Dataset records section start

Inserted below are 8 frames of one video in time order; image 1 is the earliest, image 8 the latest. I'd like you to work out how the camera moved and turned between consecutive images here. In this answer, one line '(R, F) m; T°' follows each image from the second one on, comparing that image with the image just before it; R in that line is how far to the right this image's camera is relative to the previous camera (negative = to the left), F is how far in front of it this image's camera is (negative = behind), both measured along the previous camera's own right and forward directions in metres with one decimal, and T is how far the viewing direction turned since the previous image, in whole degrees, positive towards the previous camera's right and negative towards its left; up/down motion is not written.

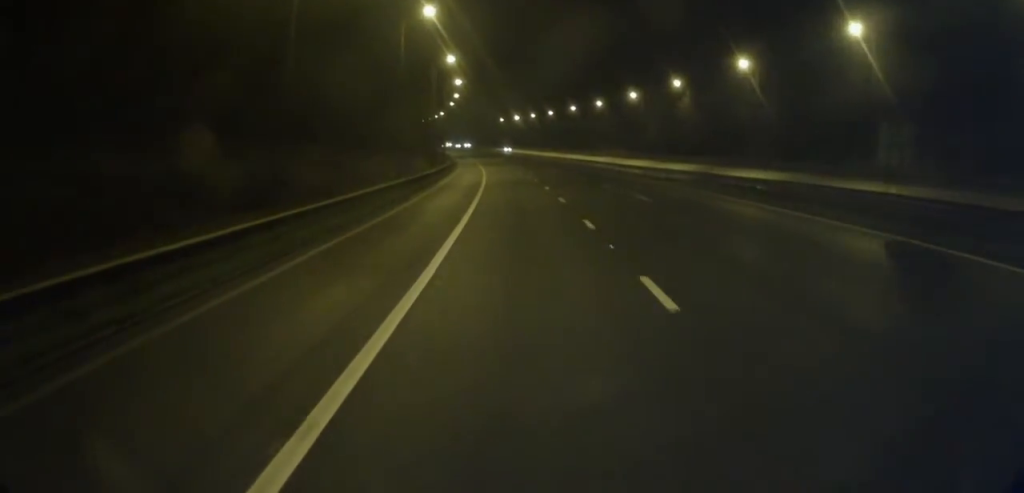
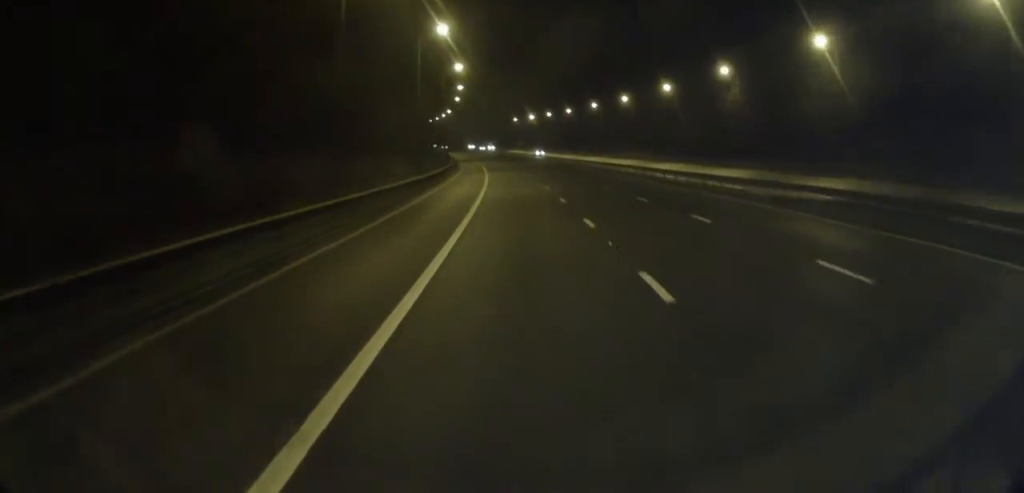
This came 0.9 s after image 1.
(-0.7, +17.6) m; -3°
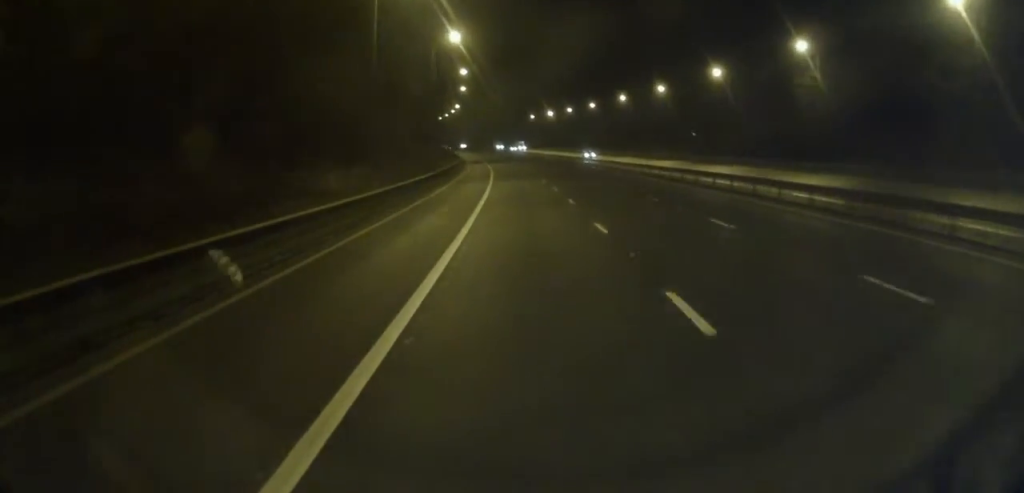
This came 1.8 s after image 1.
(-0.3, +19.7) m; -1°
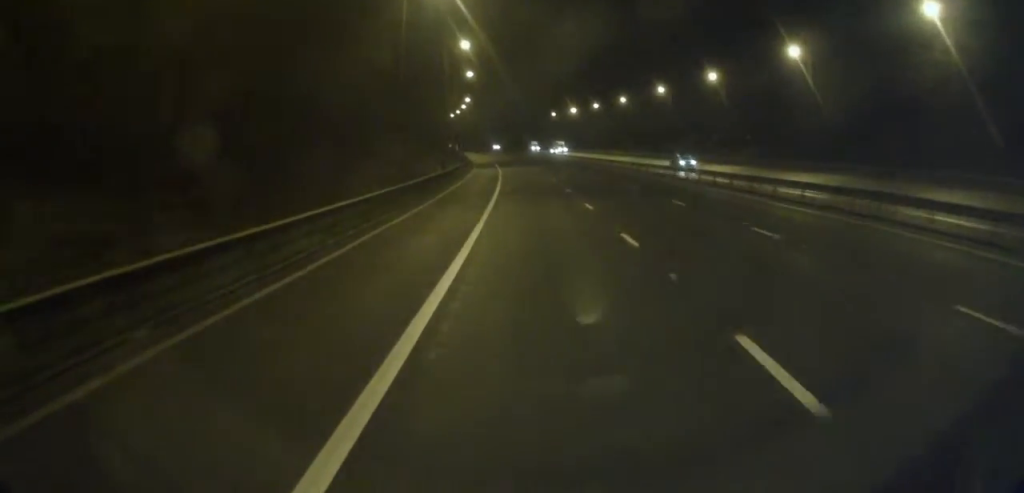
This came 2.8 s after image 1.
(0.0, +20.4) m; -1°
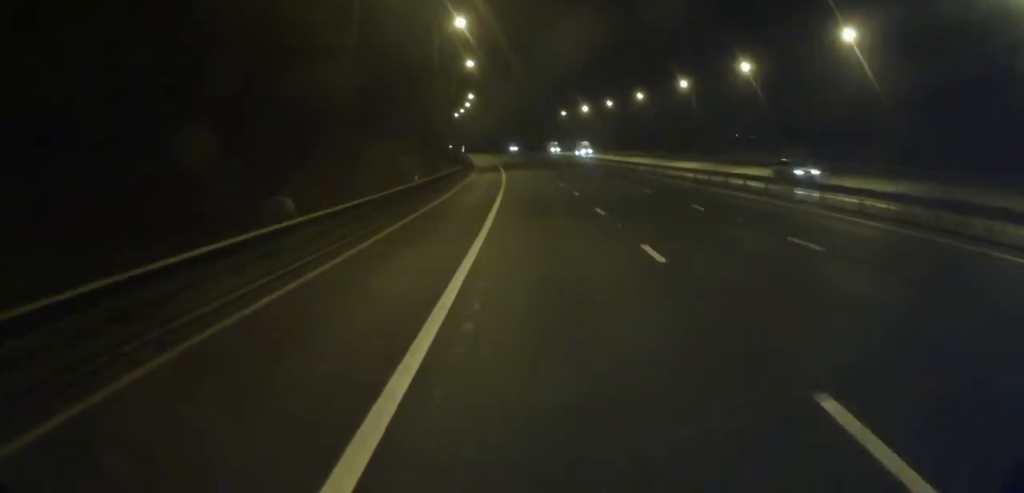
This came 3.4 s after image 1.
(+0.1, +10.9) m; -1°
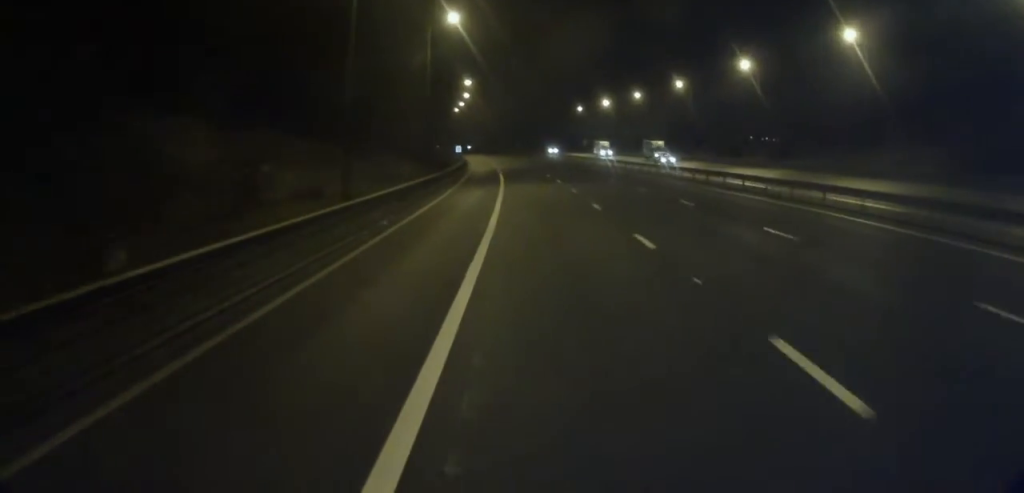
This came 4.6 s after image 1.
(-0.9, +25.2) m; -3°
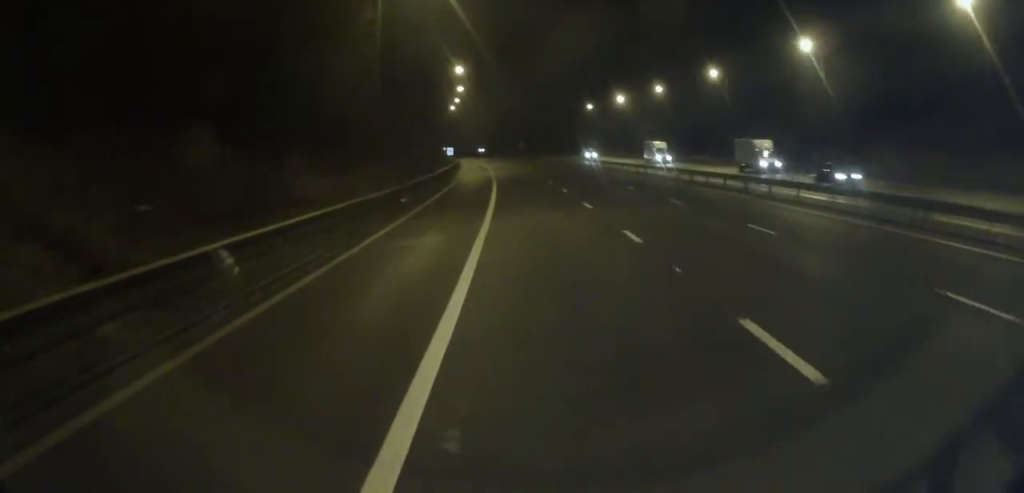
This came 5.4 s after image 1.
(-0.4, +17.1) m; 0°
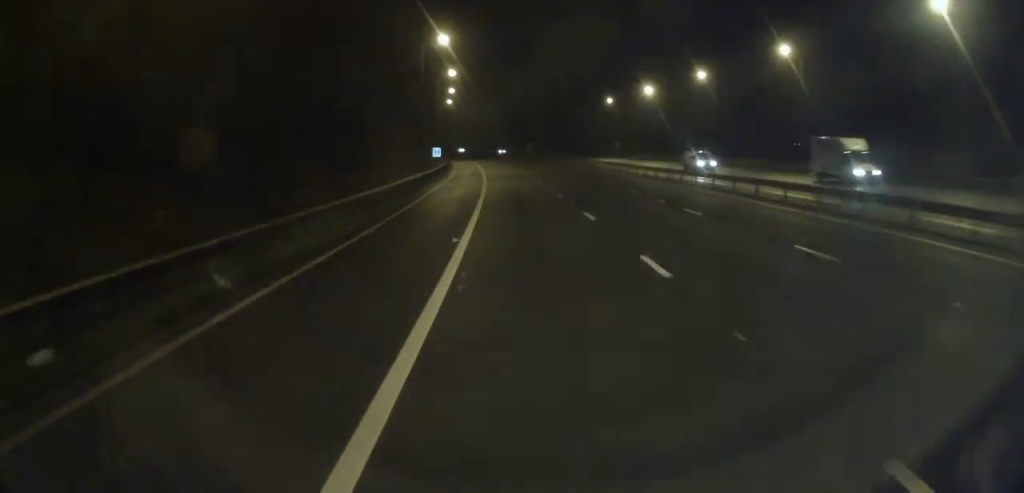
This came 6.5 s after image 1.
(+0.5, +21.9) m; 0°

Dataset records section end
Dataset records section start

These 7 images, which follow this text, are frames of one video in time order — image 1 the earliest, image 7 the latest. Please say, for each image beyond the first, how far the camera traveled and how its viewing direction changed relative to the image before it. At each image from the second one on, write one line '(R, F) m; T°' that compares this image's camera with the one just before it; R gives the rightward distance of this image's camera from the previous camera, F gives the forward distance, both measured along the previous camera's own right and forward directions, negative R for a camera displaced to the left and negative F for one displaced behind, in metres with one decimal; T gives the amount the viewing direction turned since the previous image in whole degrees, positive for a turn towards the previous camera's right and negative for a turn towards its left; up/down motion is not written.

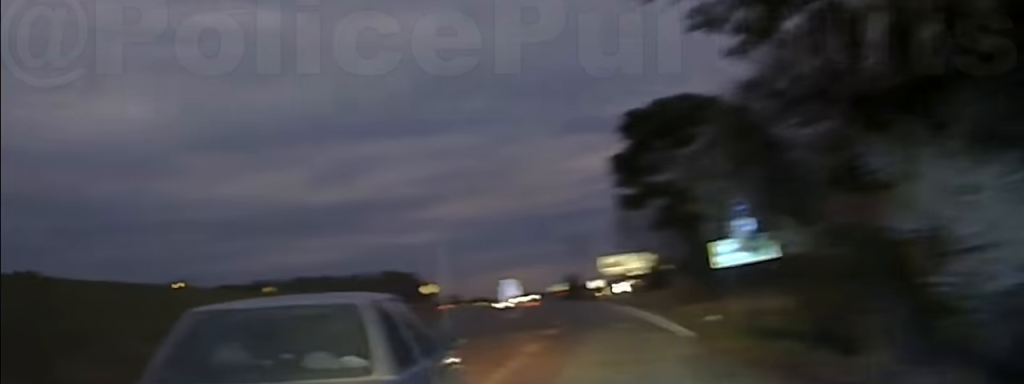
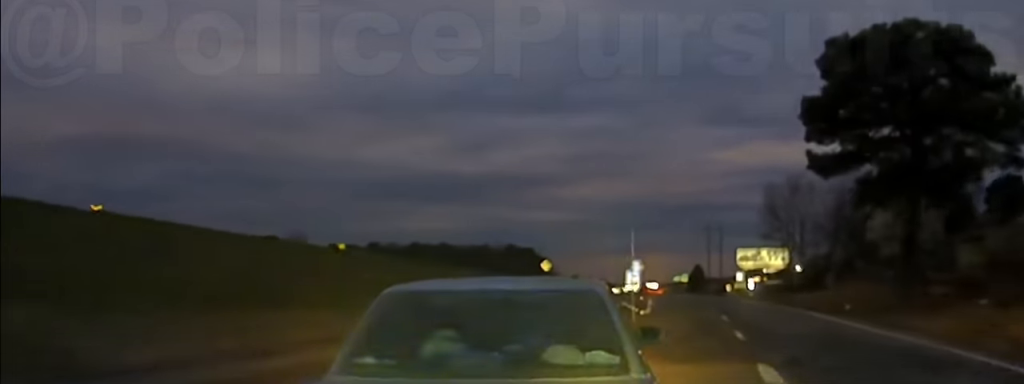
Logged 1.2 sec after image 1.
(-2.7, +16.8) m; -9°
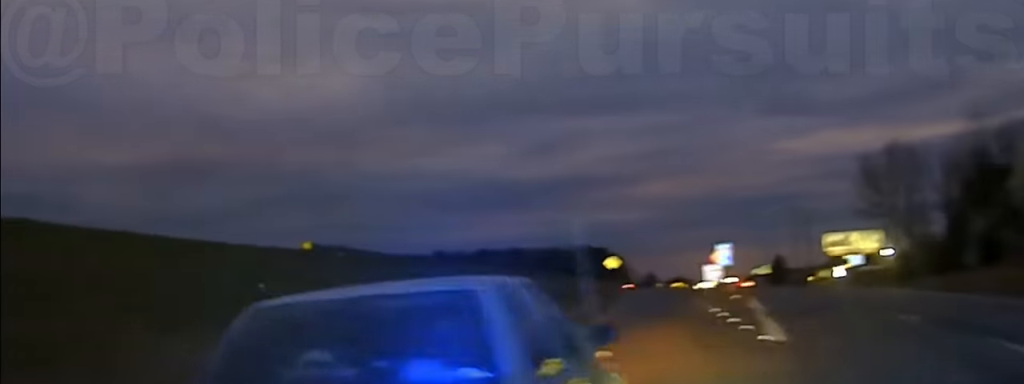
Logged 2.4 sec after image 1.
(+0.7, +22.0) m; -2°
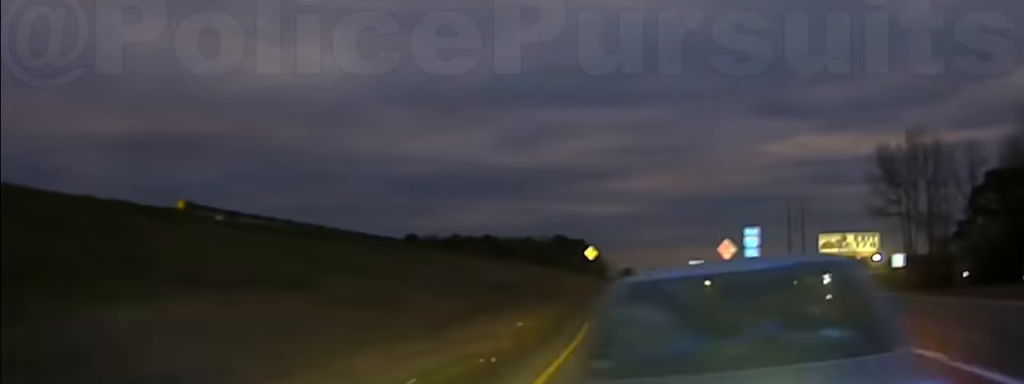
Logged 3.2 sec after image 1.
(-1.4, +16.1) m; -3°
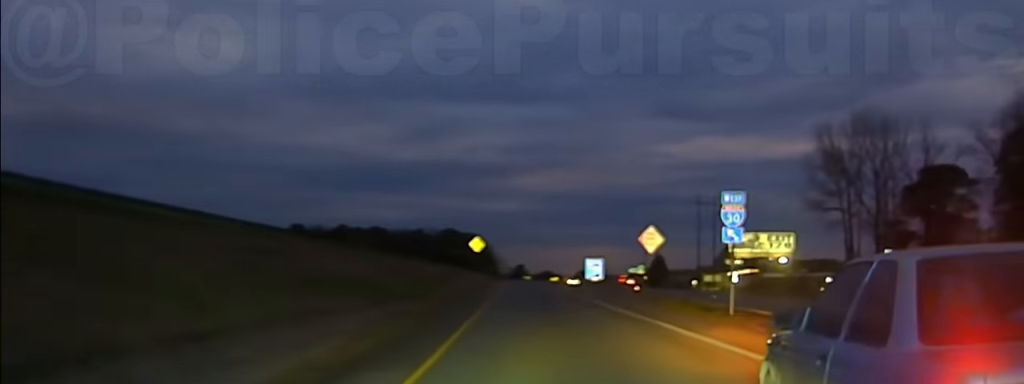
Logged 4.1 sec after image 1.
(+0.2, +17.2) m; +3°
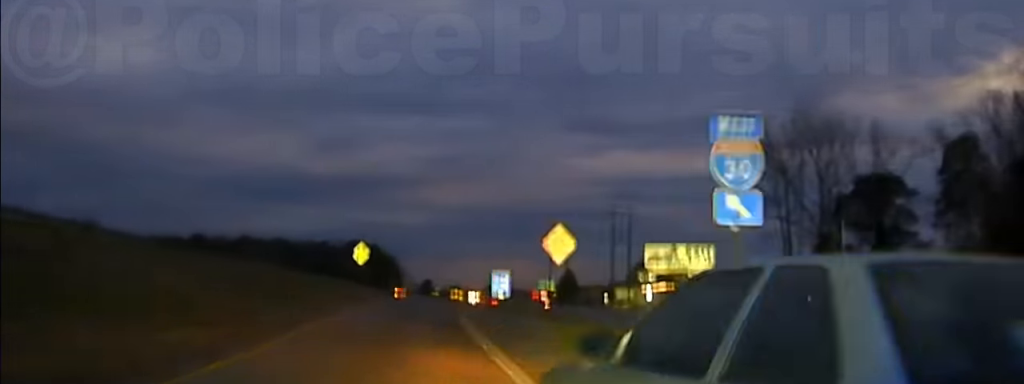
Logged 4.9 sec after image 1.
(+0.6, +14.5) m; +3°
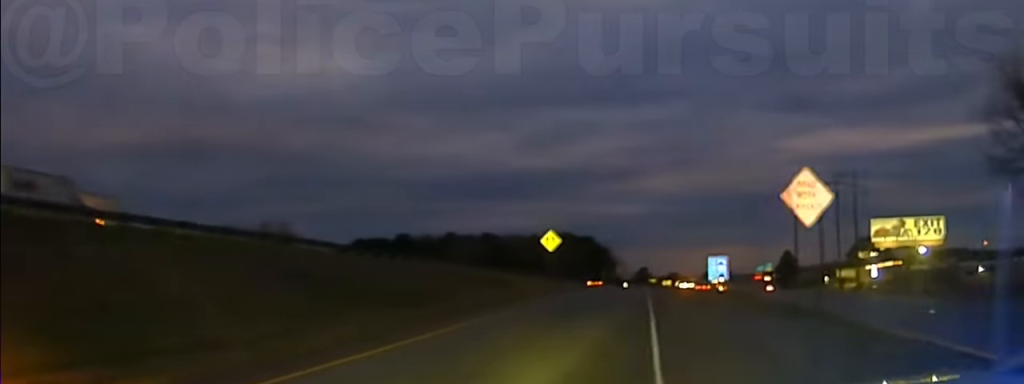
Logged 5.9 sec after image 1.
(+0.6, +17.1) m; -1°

Dataset records section end
Dataset records section start

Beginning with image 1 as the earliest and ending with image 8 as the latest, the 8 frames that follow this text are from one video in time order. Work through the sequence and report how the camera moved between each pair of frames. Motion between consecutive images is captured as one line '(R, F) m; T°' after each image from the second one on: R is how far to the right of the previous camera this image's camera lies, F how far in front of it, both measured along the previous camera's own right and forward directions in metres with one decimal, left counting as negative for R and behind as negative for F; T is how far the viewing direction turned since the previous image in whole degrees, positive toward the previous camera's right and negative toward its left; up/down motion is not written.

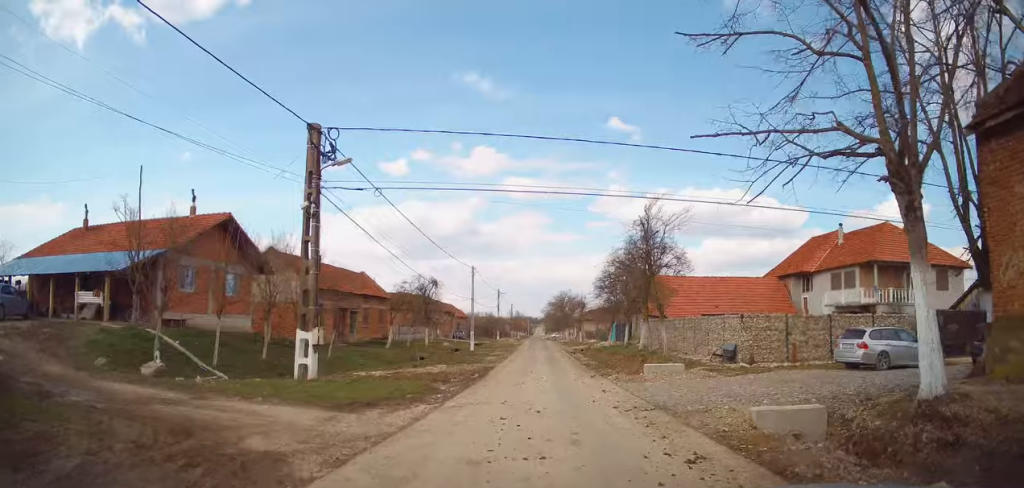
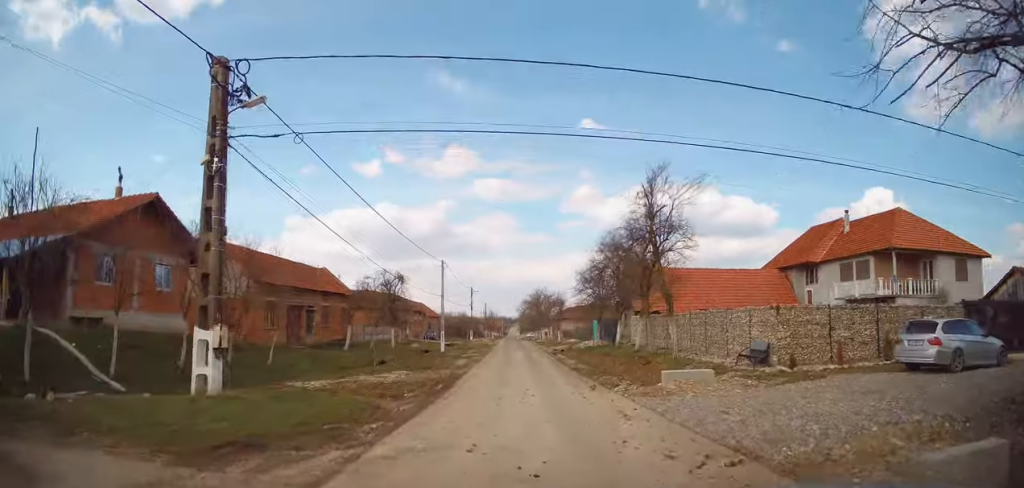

Dataset records section end

- **Work to complete**: Count every line of the material above that holds the string "front", then state only the total.

- **Problem solution**: 2